With my initial introduction to Sri Lankan cuisine, I feel I am ready to tackle the multicourse dinner that awaits later that evening.
It’s a full house for dinner, and it is great to see support from many locals as well. The evening starts with a cocktail on arrival. It is a Colombo vodka and Dilmah tea creation (Peter is also an ambassador for Dilmah tea).
prawn vadai, devilled crumbed mushrooms, black pepper beef and beetle leaf rolls
We start with a trio of canapes and the devilled crumbed mushrooms are my favourite. A deep fried mushroom will win me over at the best of times, these ones are stuffed with a mild potato masala, a Aussie and Sri Lankan fusion. The prawn vadai pays homage to a popular street snack in Colombo. It has a curry leaf hit with chili heat. We get a lime and chili kick from the black pepper beef and beetle leaf rolls. Peter came up with these from inspiration from his dad's favourite drink, arac.
pappadams and raita
black tuna curry with goroka and black pepper
Peter gives us instructions on how to plate up. A serving of rice in the centre of your plate and then place spoonfuls of curry around the the rice. The goroka in the black tuna curry is an unusal ingredient, not common. Also known as arcinia gummi-gutta, a dried fruit that is used as a souring agent in cooking.
cuttlefish in spicy sauce
To be honest I don't find any of the dishes all that spicy. Aromatic yes, the cuttlefish in spicy sauce is given a depth via dried prawns in the curry.
banana blossom curry
sweet potato fry
The banana blossom curry is quite sour to taste, which surprises me on my initial mouthful. The sweet potato fry is just that.
The plantain curry is mild, and it is quite surprising (to me) that my favourite curry of the meal is the beetroot curry.
old fashioned chicken curry
The old fashioned chicken curry and devilled pork are both hearty and comforting curries.
There was also a Malay beef curry, brinjal and dry fish curry and a ridge gourd curry which aren't pictured. I didn't get to taste either the Malay beef curry or the brinjal and dry fish curry, they just didn't make their way to me.

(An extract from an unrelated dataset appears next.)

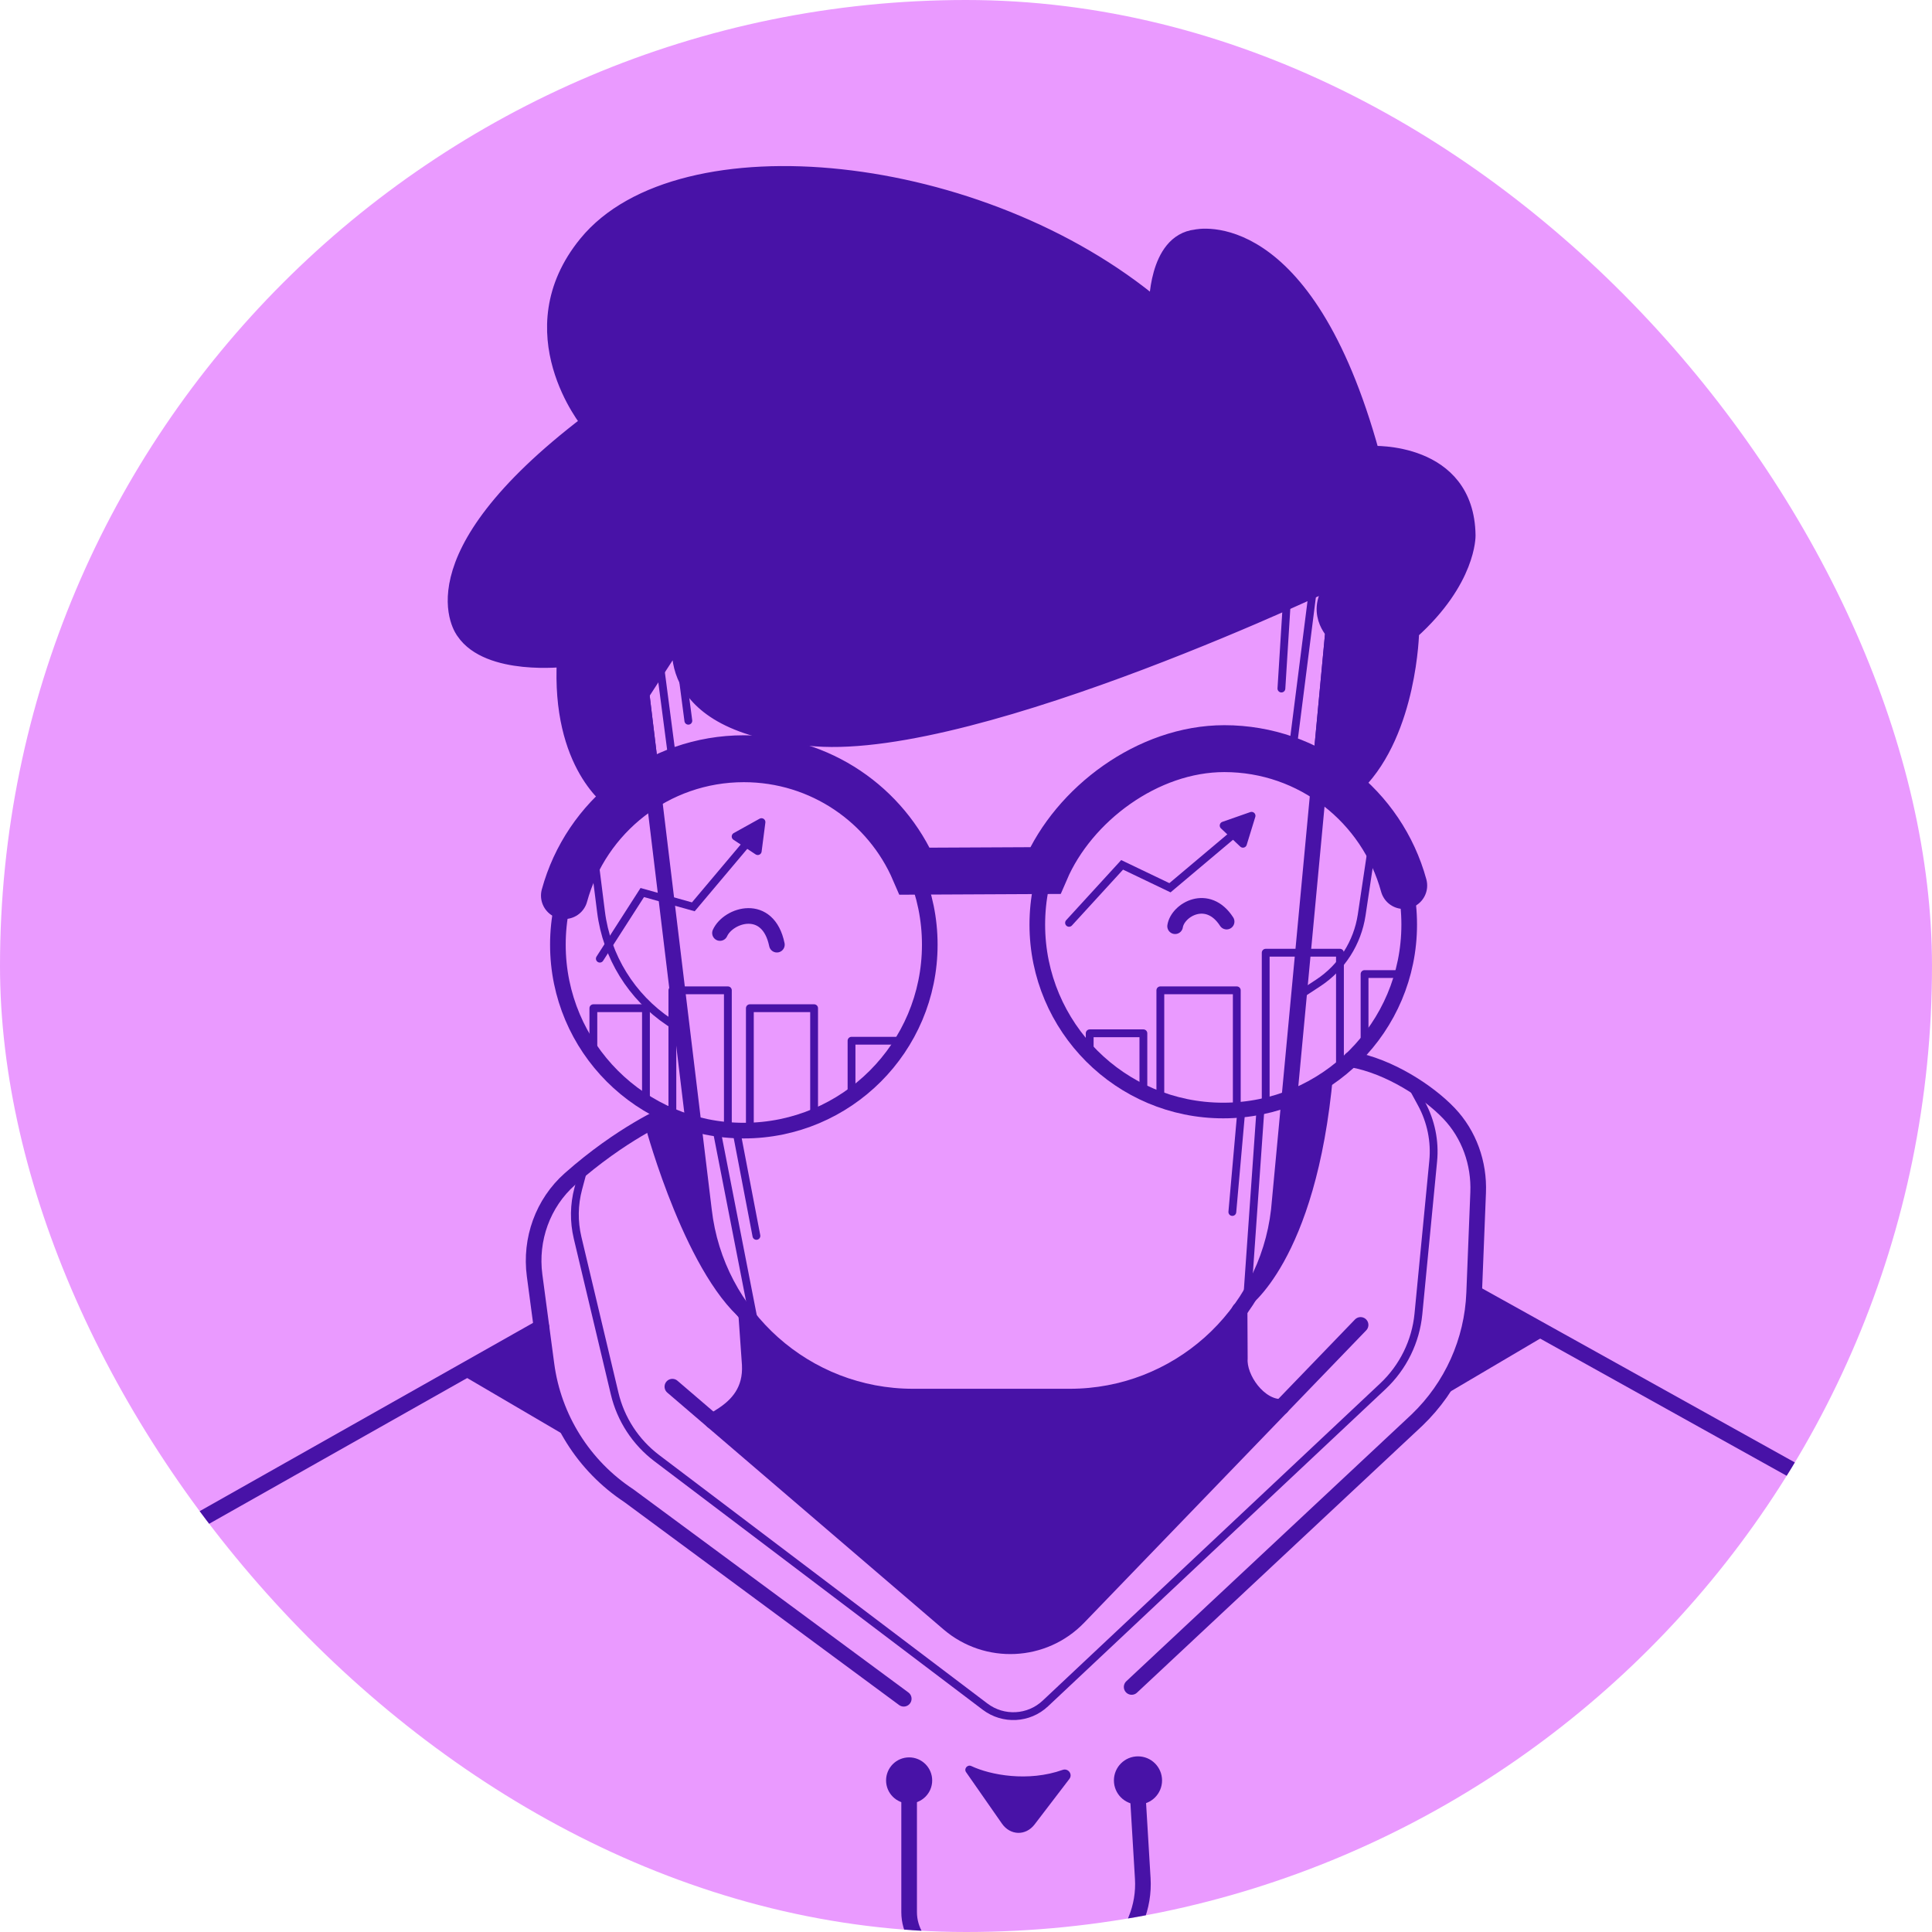 <svg xmlns="http://www.w3.org/2000/svg" width="152" height="152" viewBox="0 0 152 152" fill="none"><g clip-path="url(#clip0_1718_105284)"><rect width="152" height="152" rx="76" fill="#E689FF" fill-opacity="0.85"></rect><path d="M36.143 108.057L45.225 113.382L43.276 108.856L42.599 104.41L36.143 108.057Z" fill="#4812A7"></path><path d="M113.162 110.037L121.784 104.951L116.046 101.76L115.653 104.244C115.653 104.244 114.564 108.628 113.156 110.037H113.162Z" fill="#4812A7"></path><path d="M76.421 138.945C77.921 139.652 80.885 140.211 83.603 139.246C84.04 139.092 84.415 139.59 84.132 139.959L81.396 143.538C80.701 144.448 79.483 144.417 78.825 143.47L76.009 139.43C75.812 139.154 76.114 138.803 76.421 138.945Z" fill="#4812A7"></path><path d="M71.526 141.89C72.528 141.89 73.34 141.078 73.34 140.076C73.34 139.074 72.528 138.262 71.526 138.262C70.524 138.262 69.712 139.074 69.712 140.076C69.712 141.078 70.524 141.89 71.526 141.89Z" fill="#4812A7"></path><path d="M89.531 141.969C90.577 141.969 91.425 141.121 91.425 140.075C91.425 139.029 90.577 138.181 89.531 138.181C88.485 138.181 87.637 139.029 87.637 140.075C87.637 141.121 88.485 141.969 89.531 141.969Z" fill="#4812A7"></path><path d="M56.072 111.814L58.52 110.031L58.987 107.362L58.71 103.427C58.71 103.427 62.523 108.986 70.517 109.822L85.656 109.81C85.656 109.81 91.922 109.896 97.66 102.91L97.549 106.883C97.549 106.883 98.49 110.56 100.833 110.689L84.476 127.612C84.476 127.612 79.612 131.99 74.637 127.722L56.078 111.814H56.072Z" fill="#4812A7"></path><path d="M50.822 88.792C50.822 88.792 54.069 100.808 58.878 104.239L55.902 97.874L54.549 88.404L51.923 87.365L50.822 88.786V88.792Z" fill="#4812A7"></path><path d="M98.116 102.915C98.116 102.915 103.558 99.336 104.88 84.541L101.498 86.669L100.816 95.351L98.116 102.909V102.915Z" fill="#4812A7"></path><path d="M51.216 60.787L50.417 54.176L53.492 50.542C53.492 50.542 52.059 56.532 62.586 57.952C73.108 59.373 89.034 52.35 89.034 52.35L104.881 45.697C104.881 45.697 103.337 47.984 104.881 49.687L103.878 60.399L106.572 62.373C106.572 62.373 110.354 57.368 111.036 49.687C111.036 49.687 116.005 45.697 115.341 40.734C115.341 40.734 114.806 36.079 108.238 35.692C108.238 35.692 103.559 18.185 94.101 18.664C94.101 18.664 90.405 20.558 91.014 24.039C91.014 24.039 78.543 13.45 60.643 13.684C42.743 13.917 43.683 26.314 43.683 26.314C43.683 26.314 44.224 31.141 46.574 33.287C46.574 33.287 37.811 38.816 36.495 44.233C36.495 44.233 32.812 53.063 44.415 51.458C44.415 51.458 43.843 60.209 48.228 63.037L51.228 60.781L51.216 60.787Z" fill="#4812A7"></path><path d="M6.872 127.42L12.277 139.964C13.36 142.467 12.653 145.388 10.543 147.122L3.81 152.656V137.738C3.81 137.738 3.459 131.552 6.872 127.42Z" fill="#4812A7"></path><path d="M151.743 127.507L144.069 139.793C142.341 142.56 142.864 146.176 145.311 148.341L153.52 155.597V134.929C153.52 134.929 153.041 129.936 151.743 127.501V127.507Z" fill="#4812A7"></path><path d="M104.88 49.694L100.612 95.217C99.653 103.574 92.575 109.877 84.169 109.877H71.827C63.415 109.877 56.343 103.568 55.384 95.217L49.887 49.694" stroke="#4812A7" stroke-width="1.23" stroke-miterlimit="10" stroke-linecap="round"></path><path d="M52.899 109.096L74.625 127.722C77.626 130.293 82.115 130.084 84.857 127.237L107.044 104.238" stroke="#4812A7" stroke-width="1.23" stroke-miterlimit="10" stroke-linecap="round"></path><path d="M56.072 111.814L56.712 111.408C58.028 110.584 59.098 109.397 58.987 107.355L58.71 103.42" stroke="#4812A7" stroke-width="1.23" stroke-miterlimit="10" stroke-linecap="round"></path><path d="M100.828 110.688C99.038 110.725 97.439 108.431 97.544 106.882L97.525 103.075" stroke="#4812A7" stroke-width="1.23" stroke-miterlimit="10" stroke-linecap="round"></path><path d="M58.521 88.951C66.6 88.951 73.15 82.401 73.15 74.322C73.15 66.242 66.6 59.692 58.521 59.692C50.441 59.692 43.892 66.242 43.892 74.322C43.892 82.401 50.441 88.951 58.521 88.951Z" stroke="#4812A7" stroke-width="1.23" stroke-miterlimit="10" stroke-linecap="round"></path><path d="M96.239 87.37C104.319 87.37 110.869 80.82 110.869 72.74C110.869 64.661 104.319 58.111 96.239 58.111C88.16 58.111 81.61 64.661 81.61 72.74C81.61 80.82 88.16 87.37 96.239 87.37Z" stroke="#4812A7" stroke-width="1.23" stroke-miterlimit="10" stroke-linecap="round"></path><path d="M89.033 132.721L111.484 111.721C114.221 109.096 115.832 105.511 115.979 101.716L116.293 93.821C116.385 91.521 115.586 89.258 113.999 87.592C112.407 85.919 109.32 83.877 106.306 83.349" stroke="#4812A7" stroke-width="1.23" stroke-miterlimit="10" stroke-linecap="round"></path><path d="M52.463 87.641C52.463 87.641 48.897 89.166 44.844 92.757C42.704 94.651 41.684 97.51 42.059 100.339L42.993 107.349C43.553 111.567 45.92 115.331 49.475 117.674L71.102 133.649" stroke="#4812A7" stroke-width="1.23" stroke-miterlimit="10" stroke-linecap="round"></path><path d="M42.599 104.41L14.085 120.515C7.733 124.1 3.81 130.827 3.81 138.12V172.298C3.81 177.635 8.133 181.958 13.47 181.958H143.859C149.196 181.958 153.519 177.635 153.519 172.298V134.498C153.519 127.162 149.547 120.398 143.133 116.832L116.052 101.76" stroke="#4812A7" stroke-width="1.23" stroke-linecap="round" stroke-linejoin="round"></path><path d="M48.214 63.043C48.214 63.043 43.959 60.257 44.432 51.851C44.432 51.851 38.43 52.57 36.493 49.693C36.493 49.693 32.053 44.103 46.32 33.243C46.32 33.243 40.453 26.122 46.129 19.168C53.496 10.14 77.214 12.557 91.006 24.173C91.006 24.173 90.927 19.026 94.093 18.669C94.093 18.669 102.665 16.634 107.917 35.697C107.917 35.697 115.382 35.322 115.474 42.123C115.474 42.123 115.554 45.634 111.035 49.693C111.035 49.693 110.899 57.471 106.773 61.641L103.969 59.384L104.879 49.693C104.879 49.693 102.924 47.639 105.654 45.333C105.654 45.333 77.097 59.076 64.153 58.105C51.208 57.139 53.656 49.686 53.656 49.686L50.477 54.587L51.264 61.099L48.226 63.036L48.214 63.043Z" stroke="#4812A7" stroke-width="1.23" stroke-linecap="round" stroke-linejoin="round"></path><path d="M45.951 91.817L45.496 93.514C45.158 94.775 45.139 96.103 45.441 97.376L48.355 109.631C48.835 111.661 50.009 113.462 51.676 114.723L77.503 134.271C78.936 135.354 80.94 135.249 82.244 134.019L108.802 109.059C110.389 107.565 111.385 105.542 111.594 103.371L112.756 91.356C112.91 89.788 112.584 88.213 111.834 86.83L110.869 85.053" stroke="#4812A7" stroke-width="0.615" stroke-miterlimit="10" stroke-linecap="round"></path><path d="M110.438 69.667C108.741 63.462 103.065 58.899 96.325 58.899C90.299 58.899 84.476 63.284 82.237 68.492L71.962 68.541C69.724 63.333 64.546 59.693 58.52 59.693C51.78 59.693 46.104 64.255 44.407 70.46" stroke="#4812A7" stroke-width="3.69" stroke-miterlimit="10" stroke-linecap="round"></path><path d="M56.645 73.405C57.303 71.954 60.432 70.97 61.121 74.322" stroke="#4812A7" stroke-width="1.23" stroke-miterlimit="10" stroke-linecap="round"></path><path d="M92.452 72.87C92.655 71.573 95.022 70.208 96.504 72.507" stroke="#4812A7" stroke-width="1.23" stroke-miterlimit="10" stroke-linecap="round"></path><path d="M56.355 88.791L59.375 104.238" stroke="#4812A7" stroke-width="0.615" stroke-miterlimit="10" stroke-linecap="round"></path><path d="M57.925 88.95L59.511 97.233" stroke="#4812A7" stroke-width="0.615" stroke-miterlimit="10" stroke-linecap="round"></path><path d="M99.18 87.07L98.116 102.241" stroke="#4812A7" stroke-width="0.615" stroke-miterlimit="10" stroke-linecap="round"></path><path d="M97.661 87.365L96.954 95.353" stroke="#4812A7" stroke-width="0.615" stroke-miterlimit="10" stroke-linecap="round"></path><path d="M103.287 46.435L101.633 59.46" stroke="#4812A7" stroke-width="0.615" stroke-miterlimit="10" stroke-linecap="round"></path><path d="M101.24 47.357L100.815 54.171" stroke="#4812A7" stroke-width="0.615" stroke-miterlimit="10" stroke-linecap="round"></path><path d="M51.928 52.351L52.918 59.914" stroke="#4812A7" stroke-width="0.615" stroke-miterlimit="10" stroke-linecap="round"></path><path d="M53.516 51.834L54.155 56.704" stroke="#4812A7" stroke-width="0.615" stroke-miterlimit="10" stroke-linecap="round"></path><path d="M71.526 140.629V150.437C71.526 151.138 71.723 151.821 72.086 152.417L73.199 154.231C73.457 154.655 73.636 155.129 73.716 155.621L74.127 162.883" stroke="#4812A7" stroke-width="1.23" stroke-miterlimit="10" stroke-linecap="round"></path><path d="M87.847 163.59L87.644 156.887C87.613 155.848 87.804 154.821 88.197 153.862L89.366 151.033C89.79 150.006 89.974 148.899 89.907 147.792L89.421 139.688" stroke="#4812A7" stroke-width="1.23" stroke-miterlimit="10" stroke-linecap="round"></path><path d="M46.683 82.918V79.32H50.821V86.509" stroke="#4812A7" stroke-width="0.615" stroke-linecap="round" stroke-linejoin="round"></path><path d="M52.899 87.641V77.913H57.265V88.791" stroke="#4812A7" stroke-width="0.615" stroke-linecap="round" stroke-linejoin="round"></path><path d="M58.995 88.95V79.32H64.05V87.64" stroke="#4812A7" stroke-width="0.615" stroke-linecap="round" stroke-linejoin="round"></path><path d="M66.994 86.239V81.879H71.108" stroke="#4812A7" stroke-width="0.615" stroke-linecap="round" stroke-linejoin="round"></path><path d="M47.192 75.422L50.531 70.22L54.547 71.345L58.882 66.198" stroke="#4812A7" stroke-width="0.615" stroke-miterlimit="10" stroke-linecap="round"></path><path d="M57.875 65.811L59.615 66.961L59.91 64.68L57.875 65.811Z" fill="#4812A7" stroke="#4812A7" stroke-width="0.615" stroke-linecap="round" stroke-linejoin="round"></path><path d="M84.107 72.605L88.283 68.042L92.046 69.844L97.193 65.509" stroke="#4812A7" stroke-width="0.615" stroke-miterlimit="10" stroke-linecap="round"></path><path d="M96.27 64.95L97.789 66.383L98.466 64.182L96.27 64.95Z" fill="#4812A7" stroke="#4812A7" stroke-width="0.615" stroke-linecap="round" stroke-linejoin="round"></path><path d="M85.731 82.918V81.295H89.956V85.95" stroke="#4812A7" stroke-width="0.615" stroke-linecap="round" stroke-linejoin="round"></path><path d="M91.29 86.51V77.913H97.304V87.365" stroke="#4812A7" stroke-width="0.615" stroke-linecap="round" stroke-linejoin="round"></path><path d="M99.579 86.983V74.955H105.421V83.939" stroke="#4812A7" stroke-width="0.615" stroke-linecap="round" stroke-linejoin="round"></path><path d="M107.357 82.242V76.634H110.303" stroke="#4812A7" stroke-width="0.615" stroke-linecap="round" stroke-linejoin="round"></path><path d="M52.918 80.593L52.635 80.403C49.684 78.429 47.728 75.268 47.285 71.738L46.683 66.954" stroke="#4812A7" stroke-width="0.615" stroke-miterlimit="10" stroke-linecap="round"></path><path d="M102.191 78.331L103.716 77.329C105.561 76.118 106.797 74.174 107.129 71.992L108.181 64.963" stroke="#4812A7" stroke-width="0.615" stroke-miterlimit="10" stroke-linecap="round"></path></g><defs><clipPath id="clip0_1718_105284"><rect width="152" height="152" rx="76" fill="white"></rect></clipPath></defs></svg>

String hoppers are served in a savoury capacity with dinner. Unlike our sweet filled ones we had at the masterclass. The idea is to mop up the curries with the hoppers.
mung bean broken rice and fresh coconut
Not a fan of the mung bean broken rice, I find it gluggy. Totally different to Asian style fried rices which have awesome crunchy bits in them where the "broken rice" is fried to an inch of its life in a wok.
curry leaf sambal, tamarind chutney, green coconut chutney, lime pickle and chilli
buffalo curd, palmyra palm treacle and coconut crunch
Dessert is my favourit dish of the dinner. Which is quite surprising for me as I always sway towards savoury. My highlight is the shards of freeze dried pineapple that top the dessert. Sri Lankan love cake is also served with tea or coffee to end the meal.
Peter Kuruvita has a great love for his Sri Lankan heritage and its cuisine. His passion is obvious and it is this a passion that makes him want to educate and introduce Sri Lankan food to Aussie taste buds.
So what did I think of Sri Lankan food? I am and always will be a fan of string hoppers, papadums, coconuts and anything fried. The sambals and chutneys are super tasty, but the cuisine in general is a mild one, whereas I prefer punchier curries.
Belly Rumbles was a guest of Crowne Plaza Terrigal, but all opinions remain her own.